▶ [Problem requirements]: Transcribe each record exactly as it appears.
[Extracted data]
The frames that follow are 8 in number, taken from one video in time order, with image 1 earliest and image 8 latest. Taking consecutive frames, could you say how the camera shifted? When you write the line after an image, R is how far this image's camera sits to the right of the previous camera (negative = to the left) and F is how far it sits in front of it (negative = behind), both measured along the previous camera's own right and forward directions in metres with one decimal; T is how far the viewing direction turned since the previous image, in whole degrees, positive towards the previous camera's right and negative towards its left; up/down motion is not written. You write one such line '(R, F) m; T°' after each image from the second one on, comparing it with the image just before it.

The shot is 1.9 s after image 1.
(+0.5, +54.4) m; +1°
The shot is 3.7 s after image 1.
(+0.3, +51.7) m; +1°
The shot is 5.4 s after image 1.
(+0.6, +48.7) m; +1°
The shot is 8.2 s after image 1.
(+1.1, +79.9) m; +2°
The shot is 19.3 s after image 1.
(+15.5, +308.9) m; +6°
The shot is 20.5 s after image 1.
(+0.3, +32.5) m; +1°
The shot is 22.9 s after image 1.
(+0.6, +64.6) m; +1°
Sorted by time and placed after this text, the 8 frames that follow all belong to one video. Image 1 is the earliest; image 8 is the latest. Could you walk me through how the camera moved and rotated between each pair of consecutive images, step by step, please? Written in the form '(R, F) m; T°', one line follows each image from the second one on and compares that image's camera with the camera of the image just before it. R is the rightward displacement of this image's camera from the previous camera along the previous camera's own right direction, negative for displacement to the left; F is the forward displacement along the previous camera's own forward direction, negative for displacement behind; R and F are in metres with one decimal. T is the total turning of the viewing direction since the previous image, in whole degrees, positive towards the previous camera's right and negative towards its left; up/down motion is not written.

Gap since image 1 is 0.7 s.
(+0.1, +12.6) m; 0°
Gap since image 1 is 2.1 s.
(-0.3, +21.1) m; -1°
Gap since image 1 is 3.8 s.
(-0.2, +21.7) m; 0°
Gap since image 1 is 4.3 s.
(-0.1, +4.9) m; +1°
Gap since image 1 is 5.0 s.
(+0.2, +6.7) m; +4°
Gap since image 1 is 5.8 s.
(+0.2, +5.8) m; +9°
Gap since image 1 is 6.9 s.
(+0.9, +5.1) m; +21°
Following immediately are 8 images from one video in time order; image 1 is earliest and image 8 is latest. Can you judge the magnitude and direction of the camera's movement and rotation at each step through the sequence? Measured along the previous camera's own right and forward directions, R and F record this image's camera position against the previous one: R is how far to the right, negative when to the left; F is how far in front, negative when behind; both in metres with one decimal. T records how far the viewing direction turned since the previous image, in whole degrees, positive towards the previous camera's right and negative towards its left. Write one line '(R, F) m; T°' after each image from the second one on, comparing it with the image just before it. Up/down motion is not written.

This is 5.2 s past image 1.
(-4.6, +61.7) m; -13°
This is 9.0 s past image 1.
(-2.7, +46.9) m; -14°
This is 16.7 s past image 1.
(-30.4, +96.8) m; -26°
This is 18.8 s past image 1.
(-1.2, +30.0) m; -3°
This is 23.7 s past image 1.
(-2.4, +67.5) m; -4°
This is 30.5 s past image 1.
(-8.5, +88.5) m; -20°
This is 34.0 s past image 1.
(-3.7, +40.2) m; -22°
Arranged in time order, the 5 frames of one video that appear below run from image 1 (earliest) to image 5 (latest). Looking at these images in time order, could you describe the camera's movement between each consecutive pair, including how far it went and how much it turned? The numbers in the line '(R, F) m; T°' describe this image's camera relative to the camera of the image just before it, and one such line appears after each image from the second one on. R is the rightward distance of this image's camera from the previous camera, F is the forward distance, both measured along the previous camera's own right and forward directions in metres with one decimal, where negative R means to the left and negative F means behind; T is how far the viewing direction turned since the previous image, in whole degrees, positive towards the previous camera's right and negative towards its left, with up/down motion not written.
[/Extracted data]
▶ [Answer box]:
The frames that follow are 8 in number, taken from one video in time order, with image 1 earliest and image 8 latest. Taking consecutive frames, could you say how the camera shifted? When you write the line after an image, R is how far this image's camera sits to the right of the previous camera (negative = to the left) and F is how far it sits in front of it (negative = behind), both measured along the previous camera's own right and forward directions in metres with one decimal; T is how far the viewing direction turned since the previous image, in whole degrees, positive towards the previous camera's right and negative towards its left; up/down motion is not written. You write one such line '(R, F) m; T°' after each image from the second one on, comparing it with the image just before it.

The shot is 1.9 s after image 1.
(+0.5, +54.4) m; +1°
The shot is 3.7 s after image 1.
(+0.3, +51.7) m; +1°
The shot is 5.4 s after image 1.
(+0.6, +48.7) m; +1°
The shot is 8.2 s after image 1.
(+1.1, +79.9) m; +2°
The shot is 19.3 s after image 1.
(+15.5, +308.9) m; +6°
The shot is 20.5 s after image 1.
(+0.3, +32.5) m; +1°
The shot is 22.9 s after image 1.
(+0.6, +64.6) m; +1°
Sorted by time and placed after this text, the 8 frames that follow all belong to one video. Image 1 is the earliest; image 8 is the latest. Could you walk me through how the camera moved and rotated between each pair of consecutive images, step by step, please? Written in the form '(R, F) m; T°', one line follows each image from the second one on and compares that image's camera with the camera of the image just before it. R is the rightward displacement of this image's camera from the previous camera along the previous camera's own right direction, negative for displacement to the left; F is the forward displacement along the previous camera's own forward direction, negative for displacement behind; R and F are in metres with one decimal. T is the total turning of the viewing direction since the previous image, in whole degrees, positive towards the previous camera's right and negative towards its left; up/down motion is not written.

Gap since image 1 is 0.7 s.
(+0.1, +12.6) m; 0°
Gap since image 1 is 2.1 s.
(-0.3, +21.1) m; -1°
Gap since image 1 is 3.8 s.
(-0.2, +21.7) m; 0°
Gap since image 1 is 4.3 s.
(-0.1, +4.9) m; +1°
Gap since image 1 is 5.0 s.
(+0.2, +6.7) m; +4°
Gap since image 1 is 5.8 s.
(+0.2, +5.8) m; +9°
Gap since image 1 is 6.9 s.
(+0.9, +5.1) m; +21°
Following immediately are 8 images from one video in time order; image 1 is earliest and image 8 is latest. Can you judge the magnitude and direction of the camera's movement and rotation at each step through the sequence? Measured along the previous camera's own right and forward directions, R and F record this image's camera position against the previous one: R is how far to the right, negative when to the left; F is how far in front, negative when behind; both in metres with one decimal. T records how far the viewing direction turned since the previous image, in whole degrees, positive towards the previous camera's right and negative towards its left. Write one line '(R, F) m; T°' after each image from the second one on, comparing it with the image just before it. Up/down motion is not written.

This is 5.2 s past image 1.
(-4.6, +61.7) m; -13°
This is 9.0 s past image 1.
(-2.7, +46.9) m; -14°
This is 16.7 s past image 1.
(-30.4, +96.8) m; -26°
This is 18.8 s past image 1.
(-1.2, +30.0) m; -3°
This is 23.7 s past image 1.
(-2.4, +67.5) m; -4°
This is 30.5 s past image 1.
(-8.5, +88.5) m; -20°
This is 34.0 s past image 1.
(-3.7, +40.2) m; -22°
Arranged in time order, the 5 frames of one video that appear below run from image 1 (earliest) to image 5 (latest). Looking at these images in time order, could you describe the camera's movement between each consecutive pair, including how far it went and how much it turned? The numbers in the line '(R, F) m; T°' describe this image's camera relative to the camera of the image just before it, and one such line appears after each image from the second one on. R is the rightward distance of this image's camera from the previous camera, F is the forward distance, both measured along the previous camera's own right and forward directions in metres with one decimal, where negative R means to the left and negative F means behind; T is how far the viewing direction turned since the previous image, in whole degrees, positive towards the previous camera's right and negative towards its left, with up/down motion not written.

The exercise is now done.